For the same reasons stated above, we have determined that today's notice contains no regulatory requirements that might significantly or uniquely affect small governments. Thus, today's action is not subject to the requirements of section 203 of the UMRA.
E. Executive Order 13132—Federalism
Executive Order 13132, entitled “Federalism” (64 FR 43255, August 10, 1999), requires EPA to develop an accountable process to ensure “meaningful and timely input by State and local officials in the development of regulatory policies that have federalism implications.” “Policies that have federalism implications” is defined in the Executive Order to include regulations that have “substantial direct effects on the States, on the relationship between the national government and the States, or on the distribution of power and responsibilities among the various levels of government.”
This proposed rule does not have federalism implications. It will not have substantial direct effects on the States, on the relationship between the national government and the States, or on the distribution of power and responsibilities among the various levels of government, as specified in Executive Order 13132. We estimate an one-time burden of approximately 2,240 hours and $83,000 for State agencies to revise their SIPs to include the proposed regulations. However, these revisions would ultimately simplify applicability determinations, eliminate the burden of reviewing projected future emissions and distinguishing between emissions increases caused by the change from those due solely to demand growth, and reduce the burden associated with making compliance determinations. This will in turn reduce the overall burden of the program.
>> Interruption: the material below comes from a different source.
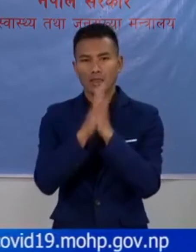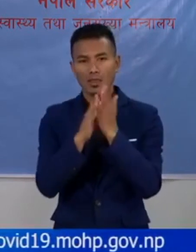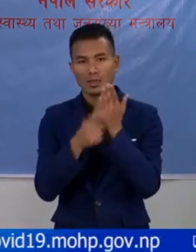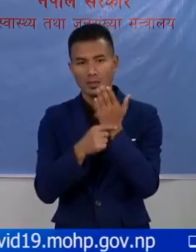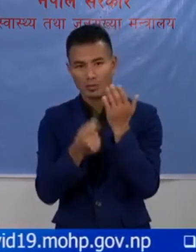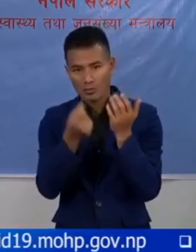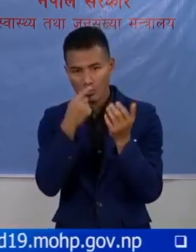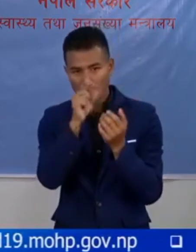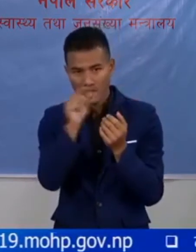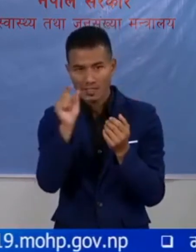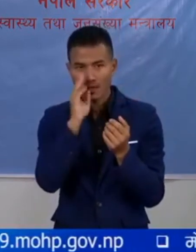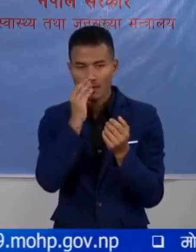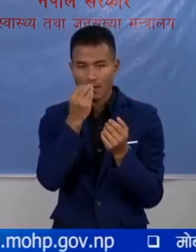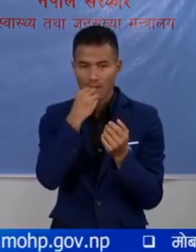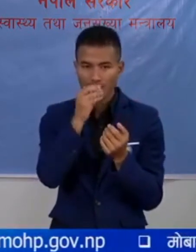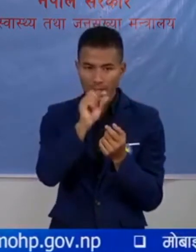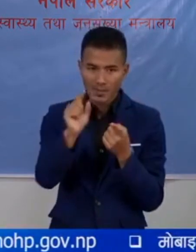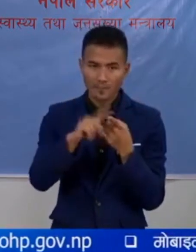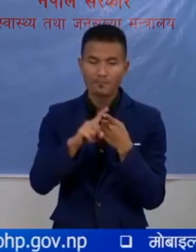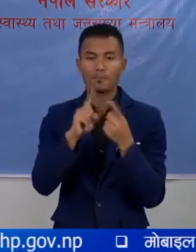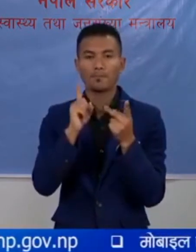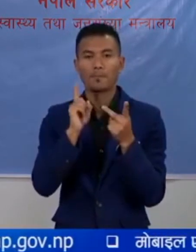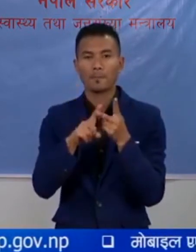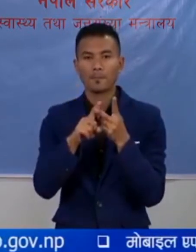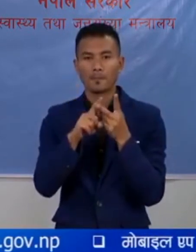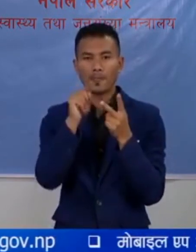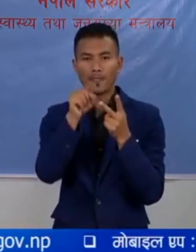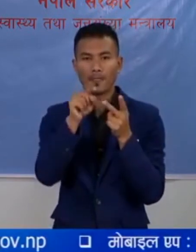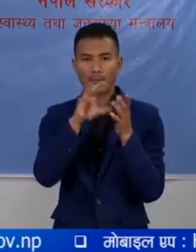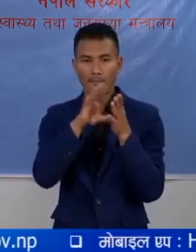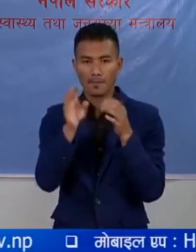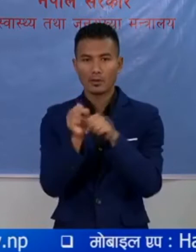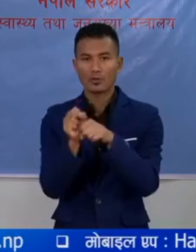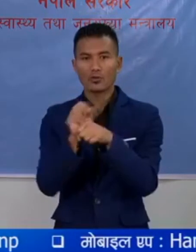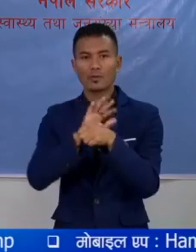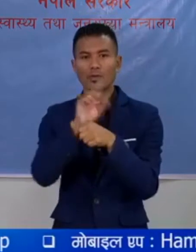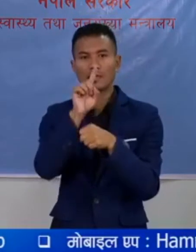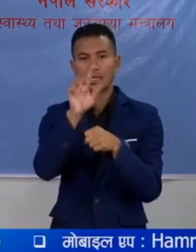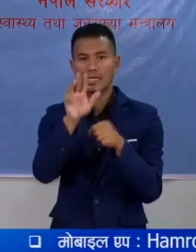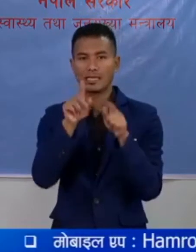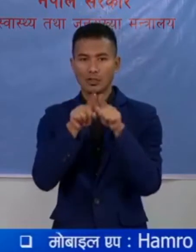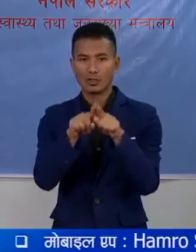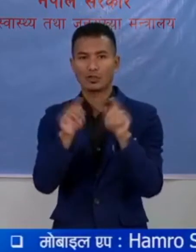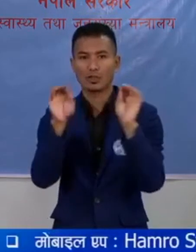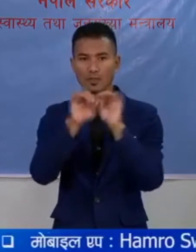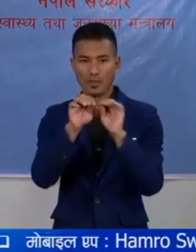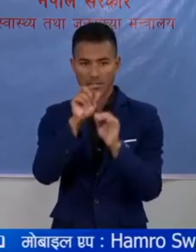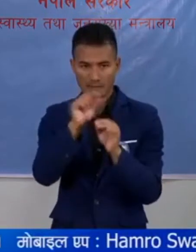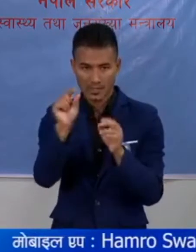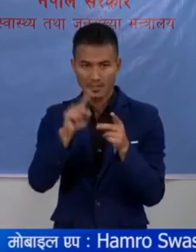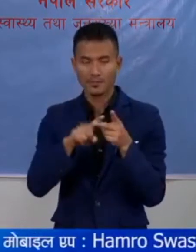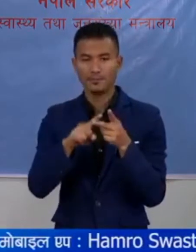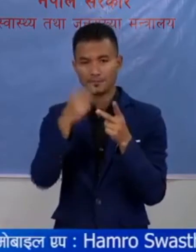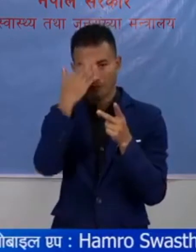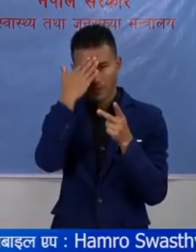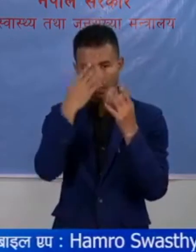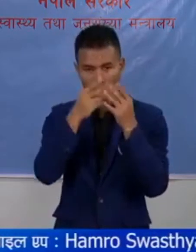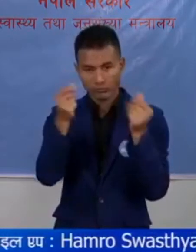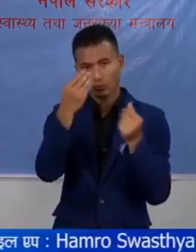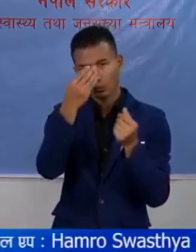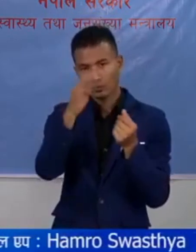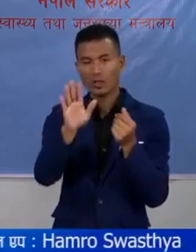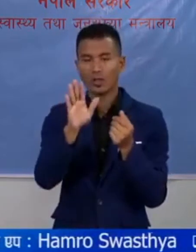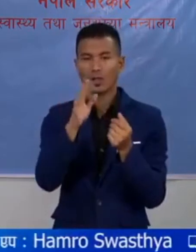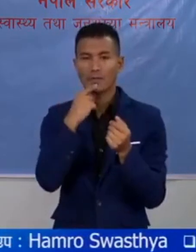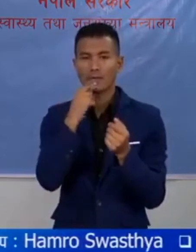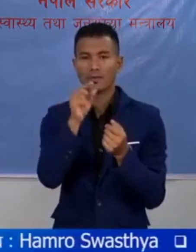लगायत का कुरा अरू को सेबन को कुरा तेसले कोबीड-19 संग को संबंद को कुरा तेले निको उन्चा बनने कुरा

Thus, Executive Order 13132 does not apply to this rule.
In the spirit of Executive Order 13132, and consistent with EPA policy to promote communications between EPA and State and local governments, EPA specifically solicits comment on this proposed rule from State and local officials.
F. Executive Order 13175—Consultation and Coordination With Indian Tribal Governments
Executive Order 13175, entitled “Consultation and Coordination with Indian Tribal Governments” (65 FR 67249, November 9, 2000), requires EPA to develop an accountable process to ensure “meaningful and timely input by tribal officials in the development of regulatory policies that have tribal implications.” This proposed rule does not have tribal implications, as specified in Executive Order 13175. There are no Tribal authorities currently issuing major NSR permits. To the extent that today's proposed rule may apply in the future to any EGU that may locate on tribal lands, tribal officials are afforded the opportunity to comment on tribal implications in today's notice. Thus, Executive Order 13175 does not apply to this rule.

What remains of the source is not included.